Entries shown Block Start
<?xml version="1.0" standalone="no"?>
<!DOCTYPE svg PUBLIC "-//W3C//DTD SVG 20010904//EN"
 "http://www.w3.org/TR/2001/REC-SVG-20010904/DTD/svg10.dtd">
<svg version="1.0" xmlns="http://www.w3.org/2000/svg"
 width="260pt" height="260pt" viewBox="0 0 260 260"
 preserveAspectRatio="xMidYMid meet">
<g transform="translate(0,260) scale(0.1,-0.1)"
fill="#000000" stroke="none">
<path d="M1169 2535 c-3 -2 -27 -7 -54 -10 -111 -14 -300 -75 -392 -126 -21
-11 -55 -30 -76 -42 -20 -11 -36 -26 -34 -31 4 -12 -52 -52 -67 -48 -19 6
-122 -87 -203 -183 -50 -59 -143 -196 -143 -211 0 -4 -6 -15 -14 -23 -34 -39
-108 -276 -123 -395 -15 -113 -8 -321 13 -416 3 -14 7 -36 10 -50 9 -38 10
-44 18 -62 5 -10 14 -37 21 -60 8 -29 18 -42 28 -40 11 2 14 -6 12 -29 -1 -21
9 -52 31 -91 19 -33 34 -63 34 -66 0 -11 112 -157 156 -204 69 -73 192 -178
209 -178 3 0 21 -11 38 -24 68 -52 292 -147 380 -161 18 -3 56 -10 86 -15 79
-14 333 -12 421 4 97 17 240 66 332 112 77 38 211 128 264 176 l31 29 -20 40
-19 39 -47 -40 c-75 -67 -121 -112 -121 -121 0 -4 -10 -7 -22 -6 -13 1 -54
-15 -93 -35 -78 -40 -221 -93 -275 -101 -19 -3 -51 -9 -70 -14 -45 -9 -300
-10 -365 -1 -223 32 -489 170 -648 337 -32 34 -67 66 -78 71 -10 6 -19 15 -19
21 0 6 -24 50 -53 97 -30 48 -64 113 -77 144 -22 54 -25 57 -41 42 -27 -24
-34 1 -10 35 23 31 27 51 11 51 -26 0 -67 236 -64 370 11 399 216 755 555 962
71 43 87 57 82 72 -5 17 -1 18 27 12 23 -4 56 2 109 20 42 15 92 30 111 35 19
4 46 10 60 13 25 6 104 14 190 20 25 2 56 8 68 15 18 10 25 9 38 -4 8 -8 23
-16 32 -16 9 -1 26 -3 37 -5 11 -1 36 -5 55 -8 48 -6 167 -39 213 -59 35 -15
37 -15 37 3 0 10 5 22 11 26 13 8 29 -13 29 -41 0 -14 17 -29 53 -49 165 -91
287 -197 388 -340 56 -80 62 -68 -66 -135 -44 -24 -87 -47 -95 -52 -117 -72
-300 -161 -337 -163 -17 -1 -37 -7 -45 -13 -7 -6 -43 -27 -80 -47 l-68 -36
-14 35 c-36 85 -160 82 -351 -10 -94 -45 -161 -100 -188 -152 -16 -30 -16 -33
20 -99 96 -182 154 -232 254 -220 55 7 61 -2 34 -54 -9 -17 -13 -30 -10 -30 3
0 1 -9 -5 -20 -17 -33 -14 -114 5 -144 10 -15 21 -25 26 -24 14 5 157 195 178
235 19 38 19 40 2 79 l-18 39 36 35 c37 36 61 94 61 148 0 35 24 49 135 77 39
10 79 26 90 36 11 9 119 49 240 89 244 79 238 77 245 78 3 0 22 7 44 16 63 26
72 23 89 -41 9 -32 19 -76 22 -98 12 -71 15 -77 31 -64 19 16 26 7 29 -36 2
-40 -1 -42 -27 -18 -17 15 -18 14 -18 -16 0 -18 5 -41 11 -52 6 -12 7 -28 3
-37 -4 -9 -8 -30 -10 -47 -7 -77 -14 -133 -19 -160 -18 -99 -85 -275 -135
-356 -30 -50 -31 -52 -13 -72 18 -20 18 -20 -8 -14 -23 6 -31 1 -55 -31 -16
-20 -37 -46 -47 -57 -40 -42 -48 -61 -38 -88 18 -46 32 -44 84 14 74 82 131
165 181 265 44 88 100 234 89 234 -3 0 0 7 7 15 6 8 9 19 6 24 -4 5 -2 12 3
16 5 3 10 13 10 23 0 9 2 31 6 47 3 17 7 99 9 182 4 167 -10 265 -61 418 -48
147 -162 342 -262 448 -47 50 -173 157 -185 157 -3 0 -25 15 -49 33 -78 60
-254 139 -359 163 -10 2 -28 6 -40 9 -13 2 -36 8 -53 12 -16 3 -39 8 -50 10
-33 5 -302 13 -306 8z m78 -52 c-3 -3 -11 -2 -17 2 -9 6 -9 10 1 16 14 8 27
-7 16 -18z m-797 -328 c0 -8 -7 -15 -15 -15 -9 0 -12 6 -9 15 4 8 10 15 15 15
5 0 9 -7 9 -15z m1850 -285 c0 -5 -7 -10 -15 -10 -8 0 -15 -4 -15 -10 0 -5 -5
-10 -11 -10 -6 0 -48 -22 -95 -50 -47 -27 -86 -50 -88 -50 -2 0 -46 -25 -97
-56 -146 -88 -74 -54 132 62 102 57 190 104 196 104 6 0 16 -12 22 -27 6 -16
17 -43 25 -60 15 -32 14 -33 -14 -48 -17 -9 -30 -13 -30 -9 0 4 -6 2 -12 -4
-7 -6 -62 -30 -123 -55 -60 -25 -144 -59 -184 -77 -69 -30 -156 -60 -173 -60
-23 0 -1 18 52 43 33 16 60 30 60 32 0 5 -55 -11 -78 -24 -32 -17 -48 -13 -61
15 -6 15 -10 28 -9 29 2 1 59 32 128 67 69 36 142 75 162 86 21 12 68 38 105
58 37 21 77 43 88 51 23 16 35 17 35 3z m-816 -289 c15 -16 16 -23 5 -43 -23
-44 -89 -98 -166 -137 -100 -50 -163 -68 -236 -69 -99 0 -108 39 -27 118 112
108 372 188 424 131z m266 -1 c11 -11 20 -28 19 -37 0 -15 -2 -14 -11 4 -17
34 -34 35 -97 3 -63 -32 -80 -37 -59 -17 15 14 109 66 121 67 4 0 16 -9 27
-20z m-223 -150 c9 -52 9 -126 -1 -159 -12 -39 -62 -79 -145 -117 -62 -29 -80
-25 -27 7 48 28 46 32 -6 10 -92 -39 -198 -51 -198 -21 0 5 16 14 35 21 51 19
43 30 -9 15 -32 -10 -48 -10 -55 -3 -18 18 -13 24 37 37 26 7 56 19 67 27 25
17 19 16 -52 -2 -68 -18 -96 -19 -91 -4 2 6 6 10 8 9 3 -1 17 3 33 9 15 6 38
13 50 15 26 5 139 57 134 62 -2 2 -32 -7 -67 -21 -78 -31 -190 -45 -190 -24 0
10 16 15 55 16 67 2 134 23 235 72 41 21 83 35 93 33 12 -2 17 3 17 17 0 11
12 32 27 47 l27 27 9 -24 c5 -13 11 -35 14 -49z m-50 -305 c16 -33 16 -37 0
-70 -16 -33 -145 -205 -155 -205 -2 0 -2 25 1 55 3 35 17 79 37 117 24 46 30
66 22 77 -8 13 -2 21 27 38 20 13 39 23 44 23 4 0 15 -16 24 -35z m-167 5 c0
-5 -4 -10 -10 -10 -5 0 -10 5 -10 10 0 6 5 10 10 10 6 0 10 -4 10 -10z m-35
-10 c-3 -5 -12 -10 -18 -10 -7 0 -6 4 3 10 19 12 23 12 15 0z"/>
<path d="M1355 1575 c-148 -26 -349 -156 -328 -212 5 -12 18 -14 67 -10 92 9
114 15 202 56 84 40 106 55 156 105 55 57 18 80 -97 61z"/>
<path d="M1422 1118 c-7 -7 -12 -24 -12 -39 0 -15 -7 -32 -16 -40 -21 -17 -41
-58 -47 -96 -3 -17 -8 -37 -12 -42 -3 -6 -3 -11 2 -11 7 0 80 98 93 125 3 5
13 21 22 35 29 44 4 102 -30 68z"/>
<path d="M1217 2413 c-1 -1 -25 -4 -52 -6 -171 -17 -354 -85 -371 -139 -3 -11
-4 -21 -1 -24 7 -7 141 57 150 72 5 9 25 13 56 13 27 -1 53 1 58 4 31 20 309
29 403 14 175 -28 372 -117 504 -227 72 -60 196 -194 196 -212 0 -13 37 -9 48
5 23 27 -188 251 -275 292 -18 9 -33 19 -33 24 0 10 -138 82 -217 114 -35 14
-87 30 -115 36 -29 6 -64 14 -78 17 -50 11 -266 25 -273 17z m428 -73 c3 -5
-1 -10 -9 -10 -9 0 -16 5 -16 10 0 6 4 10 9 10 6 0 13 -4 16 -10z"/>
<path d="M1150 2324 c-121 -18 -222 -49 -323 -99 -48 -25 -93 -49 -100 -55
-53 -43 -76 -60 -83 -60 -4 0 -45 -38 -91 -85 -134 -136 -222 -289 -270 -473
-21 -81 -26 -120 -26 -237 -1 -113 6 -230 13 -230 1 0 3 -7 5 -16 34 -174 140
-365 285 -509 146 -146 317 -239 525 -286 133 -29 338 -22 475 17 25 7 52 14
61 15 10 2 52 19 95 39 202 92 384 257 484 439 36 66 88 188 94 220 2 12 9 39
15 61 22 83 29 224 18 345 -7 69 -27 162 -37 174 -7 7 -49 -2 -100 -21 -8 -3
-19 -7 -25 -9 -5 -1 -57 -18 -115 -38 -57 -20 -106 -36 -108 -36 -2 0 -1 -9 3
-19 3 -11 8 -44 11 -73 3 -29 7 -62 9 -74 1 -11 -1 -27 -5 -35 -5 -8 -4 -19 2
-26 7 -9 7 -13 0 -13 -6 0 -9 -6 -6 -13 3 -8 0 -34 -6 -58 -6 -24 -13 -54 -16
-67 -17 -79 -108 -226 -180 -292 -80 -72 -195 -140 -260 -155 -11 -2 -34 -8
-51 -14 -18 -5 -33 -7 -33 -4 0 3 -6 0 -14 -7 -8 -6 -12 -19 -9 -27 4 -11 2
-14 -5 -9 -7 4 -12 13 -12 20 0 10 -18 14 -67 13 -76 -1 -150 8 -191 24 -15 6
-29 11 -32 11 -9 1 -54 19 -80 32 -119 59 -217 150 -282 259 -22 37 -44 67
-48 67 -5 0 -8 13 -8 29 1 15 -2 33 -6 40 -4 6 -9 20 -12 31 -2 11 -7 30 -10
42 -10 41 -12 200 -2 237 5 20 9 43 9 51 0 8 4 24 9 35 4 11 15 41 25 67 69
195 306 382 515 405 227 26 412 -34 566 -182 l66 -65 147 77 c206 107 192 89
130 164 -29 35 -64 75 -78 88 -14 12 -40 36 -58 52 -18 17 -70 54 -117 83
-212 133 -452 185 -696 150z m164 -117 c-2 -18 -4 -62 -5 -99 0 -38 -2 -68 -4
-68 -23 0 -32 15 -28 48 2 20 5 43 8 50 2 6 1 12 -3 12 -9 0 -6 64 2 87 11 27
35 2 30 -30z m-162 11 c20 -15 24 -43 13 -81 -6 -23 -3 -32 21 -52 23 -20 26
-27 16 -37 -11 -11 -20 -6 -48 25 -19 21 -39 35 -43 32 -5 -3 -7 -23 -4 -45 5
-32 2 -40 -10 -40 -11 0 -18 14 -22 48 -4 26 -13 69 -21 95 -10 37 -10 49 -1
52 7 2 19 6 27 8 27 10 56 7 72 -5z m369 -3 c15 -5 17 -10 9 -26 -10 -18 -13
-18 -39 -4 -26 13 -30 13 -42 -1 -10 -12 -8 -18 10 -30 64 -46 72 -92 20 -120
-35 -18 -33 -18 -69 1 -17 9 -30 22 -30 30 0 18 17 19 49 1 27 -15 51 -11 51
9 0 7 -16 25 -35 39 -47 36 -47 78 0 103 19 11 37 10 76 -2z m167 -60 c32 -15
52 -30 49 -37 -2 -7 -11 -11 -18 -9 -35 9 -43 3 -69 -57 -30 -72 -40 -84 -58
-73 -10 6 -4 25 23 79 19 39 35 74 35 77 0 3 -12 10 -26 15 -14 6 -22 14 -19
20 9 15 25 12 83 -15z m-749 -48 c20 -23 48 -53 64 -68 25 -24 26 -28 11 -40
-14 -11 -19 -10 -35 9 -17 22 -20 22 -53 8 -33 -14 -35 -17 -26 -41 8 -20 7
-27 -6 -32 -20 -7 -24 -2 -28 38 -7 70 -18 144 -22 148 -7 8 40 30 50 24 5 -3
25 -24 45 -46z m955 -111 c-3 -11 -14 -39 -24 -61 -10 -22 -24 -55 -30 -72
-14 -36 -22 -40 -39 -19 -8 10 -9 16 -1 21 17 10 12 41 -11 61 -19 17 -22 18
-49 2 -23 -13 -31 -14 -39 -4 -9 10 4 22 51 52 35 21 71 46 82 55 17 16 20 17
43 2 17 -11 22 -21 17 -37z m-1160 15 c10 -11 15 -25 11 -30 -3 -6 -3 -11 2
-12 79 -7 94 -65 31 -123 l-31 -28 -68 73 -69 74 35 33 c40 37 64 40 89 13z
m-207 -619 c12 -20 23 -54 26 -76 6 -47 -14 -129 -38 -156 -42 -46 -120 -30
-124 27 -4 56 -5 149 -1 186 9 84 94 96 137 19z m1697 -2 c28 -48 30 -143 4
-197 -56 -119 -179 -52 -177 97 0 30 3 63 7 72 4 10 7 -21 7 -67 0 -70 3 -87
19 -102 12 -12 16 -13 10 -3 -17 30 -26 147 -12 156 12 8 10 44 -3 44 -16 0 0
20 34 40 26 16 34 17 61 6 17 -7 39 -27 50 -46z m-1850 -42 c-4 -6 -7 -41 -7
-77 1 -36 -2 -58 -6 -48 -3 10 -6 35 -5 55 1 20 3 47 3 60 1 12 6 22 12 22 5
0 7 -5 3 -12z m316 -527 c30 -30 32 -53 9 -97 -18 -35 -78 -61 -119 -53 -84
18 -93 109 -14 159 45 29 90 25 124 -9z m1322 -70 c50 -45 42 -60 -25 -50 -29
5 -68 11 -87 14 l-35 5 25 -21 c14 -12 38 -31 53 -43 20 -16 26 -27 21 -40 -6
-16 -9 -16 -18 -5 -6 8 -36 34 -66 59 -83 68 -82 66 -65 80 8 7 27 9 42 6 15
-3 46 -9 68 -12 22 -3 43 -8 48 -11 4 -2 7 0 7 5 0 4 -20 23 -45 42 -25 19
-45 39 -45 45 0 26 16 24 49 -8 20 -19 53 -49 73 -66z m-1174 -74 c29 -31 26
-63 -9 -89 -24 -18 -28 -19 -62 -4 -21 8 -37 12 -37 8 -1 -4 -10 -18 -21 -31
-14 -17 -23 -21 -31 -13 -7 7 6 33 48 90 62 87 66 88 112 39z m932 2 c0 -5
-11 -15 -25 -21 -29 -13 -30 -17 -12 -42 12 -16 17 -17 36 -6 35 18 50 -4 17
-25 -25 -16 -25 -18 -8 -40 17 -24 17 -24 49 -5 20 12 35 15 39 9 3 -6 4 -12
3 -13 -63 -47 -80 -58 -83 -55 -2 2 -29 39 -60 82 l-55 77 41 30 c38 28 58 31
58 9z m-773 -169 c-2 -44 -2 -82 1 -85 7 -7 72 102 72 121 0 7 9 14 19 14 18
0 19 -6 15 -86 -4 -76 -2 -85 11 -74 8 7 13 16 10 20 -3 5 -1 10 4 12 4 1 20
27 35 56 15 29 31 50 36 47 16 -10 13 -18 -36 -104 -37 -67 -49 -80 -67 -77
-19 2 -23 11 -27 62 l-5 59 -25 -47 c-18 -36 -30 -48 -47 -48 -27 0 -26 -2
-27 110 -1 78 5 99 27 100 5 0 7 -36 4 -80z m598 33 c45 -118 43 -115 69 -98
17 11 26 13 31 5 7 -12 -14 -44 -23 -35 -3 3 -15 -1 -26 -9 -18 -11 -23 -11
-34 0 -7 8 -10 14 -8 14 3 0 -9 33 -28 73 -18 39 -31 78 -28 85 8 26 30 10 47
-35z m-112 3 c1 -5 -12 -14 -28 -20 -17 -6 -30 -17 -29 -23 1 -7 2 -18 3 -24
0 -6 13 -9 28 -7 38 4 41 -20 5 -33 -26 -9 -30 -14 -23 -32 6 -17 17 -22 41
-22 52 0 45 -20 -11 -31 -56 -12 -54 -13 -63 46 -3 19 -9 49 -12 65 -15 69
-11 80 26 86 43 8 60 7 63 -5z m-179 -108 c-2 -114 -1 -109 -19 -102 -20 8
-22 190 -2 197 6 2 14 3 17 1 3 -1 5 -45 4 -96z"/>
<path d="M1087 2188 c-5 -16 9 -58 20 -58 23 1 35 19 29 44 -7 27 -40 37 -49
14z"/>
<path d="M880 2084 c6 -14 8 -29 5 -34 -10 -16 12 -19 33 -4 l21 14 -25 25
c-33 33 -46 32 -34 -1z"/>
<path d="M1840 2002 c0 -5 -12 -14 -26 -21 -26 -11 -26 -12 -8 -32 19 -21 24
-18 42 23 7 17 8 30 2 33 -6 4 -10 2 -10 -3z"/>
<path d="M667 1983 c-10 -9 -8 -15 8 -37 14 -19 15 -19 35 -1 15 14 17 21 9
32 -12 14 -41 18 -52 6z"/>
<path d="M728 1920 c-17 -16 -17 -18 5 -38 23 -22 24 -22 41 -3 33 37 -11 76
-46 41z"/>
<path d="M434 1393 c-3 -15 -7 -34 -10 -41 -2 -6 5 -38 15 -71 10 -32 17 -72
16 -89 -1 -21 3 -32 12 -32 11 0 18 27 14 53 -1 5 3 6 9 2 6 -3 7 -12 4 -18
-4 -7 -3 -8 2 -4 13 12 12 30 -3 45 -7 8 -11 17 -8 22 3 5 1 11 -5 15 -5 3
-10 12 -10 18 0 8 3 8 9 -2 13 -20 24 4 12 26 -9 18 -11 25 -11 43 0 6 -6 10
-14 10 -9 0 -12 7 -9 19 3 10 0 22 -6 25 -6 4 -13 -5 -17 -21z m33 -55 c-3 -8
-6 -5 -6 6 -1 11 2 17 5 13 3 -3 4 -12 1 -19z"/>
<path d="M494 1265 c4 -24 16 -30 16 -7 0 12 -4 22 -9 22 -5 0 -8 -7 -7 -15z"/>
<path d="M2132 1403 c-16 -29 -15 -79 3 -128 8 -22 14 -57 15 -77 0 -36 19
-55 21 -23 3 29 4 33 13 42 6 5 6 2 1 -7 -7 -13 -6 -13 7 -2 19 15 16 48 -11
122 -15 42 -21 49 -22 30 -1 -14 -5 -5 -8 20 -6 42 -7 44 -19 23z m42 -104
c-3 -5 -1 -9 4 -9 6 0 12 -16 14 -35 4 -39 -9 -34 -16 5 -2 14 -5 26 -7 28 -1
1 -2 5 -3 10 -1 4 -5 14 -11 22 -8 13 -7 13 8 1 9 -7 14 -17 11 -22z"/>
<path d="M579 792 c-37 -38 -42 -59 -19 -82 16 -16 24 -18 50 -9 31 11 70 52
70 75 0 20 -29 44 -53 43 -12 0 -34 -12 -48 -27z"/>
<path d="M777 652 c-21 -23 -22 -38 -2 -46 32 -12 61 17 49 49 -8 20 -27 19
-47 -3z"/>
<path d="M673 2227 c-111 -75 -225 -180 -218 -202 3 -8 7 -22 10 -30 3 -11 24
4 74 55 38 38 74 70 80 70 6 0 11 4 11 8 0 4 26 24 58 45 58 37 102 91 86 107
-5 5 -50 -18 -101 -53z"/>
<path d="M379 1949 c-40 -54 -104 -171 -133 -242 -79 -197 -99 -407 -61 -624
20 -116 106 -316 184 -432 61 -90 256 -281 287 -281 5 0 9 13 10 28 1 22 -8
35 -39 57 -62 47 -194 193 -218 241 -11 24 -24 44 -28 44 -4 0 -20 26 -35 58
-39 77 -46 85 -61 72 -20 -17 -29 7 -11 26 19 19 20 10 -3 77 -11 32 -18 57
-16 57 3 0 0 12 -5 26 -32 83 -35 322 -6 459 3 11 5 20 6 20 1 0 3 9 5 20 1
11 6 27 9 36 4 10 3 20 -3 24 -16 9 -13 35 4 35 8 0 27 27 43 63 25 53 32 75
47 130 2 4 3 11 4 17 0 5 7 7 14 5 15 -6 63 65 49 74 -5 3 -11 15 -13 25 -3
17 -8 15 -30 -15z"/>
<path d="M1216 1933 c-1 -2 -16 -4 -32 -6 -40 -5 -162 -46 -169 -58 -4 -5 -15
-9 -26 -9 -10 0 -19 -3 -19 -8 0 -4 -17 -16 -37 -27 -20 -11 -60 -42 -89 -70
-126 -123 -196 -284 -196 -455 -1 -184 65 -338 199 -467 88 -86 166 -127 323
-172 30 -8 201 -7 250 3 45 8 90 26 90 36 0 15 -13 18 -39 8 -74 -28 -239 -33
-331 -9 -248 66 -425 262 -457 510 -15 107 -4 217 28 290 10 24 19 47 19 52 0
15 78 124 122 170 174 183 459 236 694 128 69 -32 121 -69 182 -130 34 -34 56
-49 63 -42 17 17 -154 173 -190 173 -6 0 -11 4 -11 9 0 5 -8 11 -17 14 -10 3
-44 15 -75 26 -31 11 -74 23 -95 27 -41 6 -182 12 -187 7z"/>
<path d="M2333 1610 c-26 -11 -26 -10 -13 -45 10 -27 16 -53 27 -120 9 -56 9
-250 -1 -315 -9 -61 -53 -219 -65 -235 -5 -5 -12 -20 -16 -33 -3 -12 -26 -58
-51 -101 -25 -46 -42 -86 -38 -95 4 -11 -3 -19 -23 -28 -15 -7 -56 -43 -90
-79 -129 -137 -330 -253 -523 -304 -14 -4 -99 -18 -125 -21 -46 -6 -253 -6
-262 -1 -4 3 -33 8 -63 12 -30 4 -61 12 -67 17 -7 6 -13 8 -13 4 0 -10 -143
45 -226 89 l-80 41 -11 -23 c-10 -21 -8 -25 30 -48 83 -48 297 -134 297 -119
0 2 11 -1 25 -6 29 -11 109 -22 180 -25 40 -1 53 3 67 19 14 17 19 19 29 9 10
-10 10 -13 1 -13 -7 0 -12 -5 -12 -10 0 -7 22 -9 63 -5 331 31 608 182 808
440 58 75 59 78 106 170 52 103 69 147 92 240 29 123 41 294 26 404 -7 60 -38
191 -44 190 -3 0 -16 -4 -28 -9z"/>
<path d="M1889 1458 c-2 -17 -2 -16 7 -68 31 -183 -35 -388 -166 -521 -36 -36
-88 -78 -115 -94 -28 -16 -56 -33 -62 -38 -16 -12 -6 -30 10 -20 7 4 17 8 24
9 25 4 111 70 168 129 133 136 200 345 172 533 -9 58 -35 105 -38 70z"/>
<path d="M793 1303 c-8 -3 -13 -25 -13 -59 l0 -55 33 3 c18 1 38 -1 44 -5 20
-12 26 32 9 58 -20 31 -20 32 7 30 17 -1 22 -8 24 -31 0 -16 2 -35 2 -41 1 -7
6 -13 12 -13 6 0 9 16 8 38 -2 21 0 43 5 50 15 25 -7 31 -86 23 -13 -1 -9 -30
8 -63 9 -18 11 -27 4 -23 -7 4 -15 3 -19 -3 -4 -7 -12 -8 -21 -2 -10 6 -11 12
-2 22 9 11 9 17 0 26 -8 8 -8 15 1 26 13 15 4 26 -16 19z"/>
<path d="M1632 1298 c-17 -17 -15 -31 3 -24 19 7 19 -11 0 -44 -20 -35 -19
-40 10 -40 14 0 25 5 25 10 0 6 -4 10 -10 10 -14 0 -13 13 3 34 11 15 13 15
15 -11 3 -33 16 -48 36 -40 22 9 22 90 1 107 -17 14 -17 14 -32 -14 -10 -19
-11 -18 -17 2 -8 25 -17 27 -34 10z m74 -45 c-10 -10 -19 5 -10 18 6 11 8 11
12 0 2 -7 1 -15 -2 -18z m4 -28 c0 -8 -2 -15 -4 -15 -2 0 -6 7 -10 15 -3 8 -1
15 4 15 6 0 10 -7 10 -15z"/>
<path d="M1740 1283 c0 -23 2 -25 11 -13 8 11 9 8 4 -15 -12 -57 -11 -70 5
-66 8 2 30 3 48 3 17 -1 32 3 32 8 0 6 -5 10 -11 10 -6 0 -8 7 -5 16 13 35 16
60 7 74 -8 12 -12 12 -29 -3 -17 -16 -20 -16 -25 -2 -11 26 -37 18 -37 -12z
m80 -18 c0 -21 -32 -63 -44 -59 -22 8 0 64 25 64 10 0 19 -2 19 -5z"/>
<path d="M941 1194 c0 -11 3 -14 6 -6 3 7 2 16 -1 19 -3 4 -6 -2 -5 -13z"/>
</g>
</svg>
Entries shown Block End
Required action
Output the lines above exactly, but only those between the line holding "-53 -43 -76" and the line holding "15 61 22 83", inclusive.

Expected output
-53 -43 -76 -60 -83 -60 -4 0 -45 -38 -91 -85 -134 -136 -222 -289 -270 -473
-21 -81 -26 -120 -26 -237 -1 -113 6 -230 13 -230 1 0 3 -7 5 -16 34 -174 140
-365 285 -509 146 -146 317 -239 525 -286 133 -29 338 -22 475 17 25 7 52 14
61 15 10 2 52 19 95 39 202 92 384 257 484 439 36 66 88 188 94 220 2 12 9 39
15 61 22 83 29 224 18 345 -7 69 -27 162 -37 174 -7 7 -49 -2 -100 -21 -8 -3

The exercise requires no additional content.